Euclidean Bottleneck Bounded-Degree Spanning Tree Ratios

Inspired by the seminal works of Khuller et al. (STOC 1994) and Chan (SoCG 2003) we study the bottleneck version of the Euclidean bounded-degree spanning tree problem. A bottleneck spanning tree is a spanning tree whose largest edge-length is minimum, and a bottleneck degree-$K$ spanning tree is a degree-$K$ spanning tree whose largest edge-length is minimum. Let $\betaK$ be the supremum ratio of the largest edge-length of the bottleneck degree-$K$ spanning tree to the largest edge-length of the bottleneck spanning tree, over all finite point sets in the Euclidean plane.

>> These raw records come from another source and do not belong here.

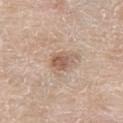Q: What are the patient's age and sex?
A: male, approximately 80 years of age
Q: How was this image acquired?
A: 15 mm crop, total-body photography
Q: Lesion size?
A: about 2.5 mm
Q: What is the anatomic site?
A: the leg
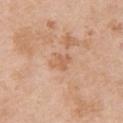Captured during whole-body skin photography for melanoma surveillance; the lesion was not biopsied. The lesion is on the front of the torso. A region of skin cropped from a whole-body photographic capture, roughly 15 mm wide. A female subject aged approximately 40.
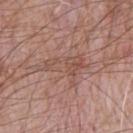<case>
<patient>
  <sex>male</sex>
  <age_approx>65</age_approx>
</patient>
<site>chest</site>
<lighting>white-light</lighting>
<lesion_size>
  <long_diameter_mm_approx>5.5</long_diameter_mm_approx>
</lesion_size>
<image>
  <source>total-body photography crop</source>
  <field_of_view_mm>15</field_of_view_mm>
</image>
</case>
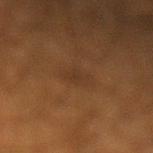Impression: The lesion was tiled from a total-body skin photograph and was not biopsied. Image and clinical context: The lesion is on the left lower leg. Cropped from a total-body skin-imaging series; the visible field is about 15 mm. A male subject roughly 60 years of age.
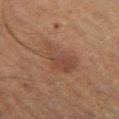The lesion was tiled from a total-body skin photograph and was not biopsied. The total-body-photography lesion software estimated a lesion area of about 13 mm², an outline eccentricity of about 0.75 (0 = round, 1 = elongated), and a shape-asymmetry score of about 0.35 (0 = symmetric). The software also gave internal color variation of about 3.5 on a 0–10 scale and radial color variation of about 1. Captured under cross-polarized illumination. A male subject, aged approximately 55. Longest diameter approximately 5.5 mm. Located on the left thigh. A 15 mm crop from a total-body photograph taken for skin-cancer surveillance.
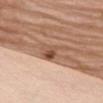biopsy status: total-body-photography surveillance lesion; no biopsy
anatomic site: the chest
imaging modality: total-body-photography crop, ~15 mm field of view
size: ≈5 mm
subject: female, approximately 75 years of age
lighting: white-light
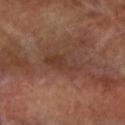Findings:
– follow-up — imaged on a skin check; not biopsied
– site — the left arm
– image source — 15 mm crop, total-body photography
– automated lesion analysis — a footprint of about 8.5 mm², an outline eccentricity of about 0.85 (0 = round, 1 = elongated), and a shape-asymmetry score of about 0.3 (0 = symmetric)
– tile lighting — cross-polarized
– diameter — ≈5 mm
– patient — female, aged around 60
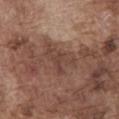biopsy_status: not biopsied; imaged during a skin examination
image:
  source: total-body photography crop
  field_of_view_mm: 15
patient:
  sex: male
  age_approx: 75
automated_metrics:
  area_mm2_approx: 8.0
  eccentricity: 0.75
  shape_asymmetry: 0.55
lighting: white-light
site: front of the torso
lesion_size:
  long_diameter_mm_approx: 4.5
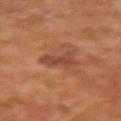<lesion>
<biopsy_status>not biopsied; imaged during a skin examination</biopsy_status>
<patient>
  <sex>male</sex>
  <age_approx>65</age_approx>
</patient>
<lighting>cross-polarized</lighting>
<site>right upper arm</site>
<image>
  <source>total-body photography crop</source>
  <field_of_view_mm>15</field_of_view_mm>
</image>
<lesion_size>
  <long_diameter_mm_approx>3.5</long_diameter_mm_approx>
</lesion_size>
</lesion>

It is known that $\beta5=1$, and it is easy to verify that $\beta2\ge 2$, $\beta3\ge \sqrt{2}$, and $\beta4>1.175$. It is implied by the Hamiltonicity of the cube of the bottleneck spanning tree that $\beta2\le 3$. The degree-3 spanning tree algorithm of Ravi et al. (STOC 1993) implies that $\beta3\le 2$. Andersen and Ras (Networks, 68(4):302-314, 2016) showed that $\beta4\le \sqrt{3}$. We present the following improved bounds: $\beta2\ge\sqrt{7}$, $\beta3\le \sqrt{3}$, and $\beta_4\le \sqrt{2}$. As a result, we obtain better approximation algorithms for Euclidean bottleneck degree-3 and degree-4 spanning trees. As parts of our proofs of these bounds we present some structural properties of the Euclidean minimum spanning tree which are of independent interest.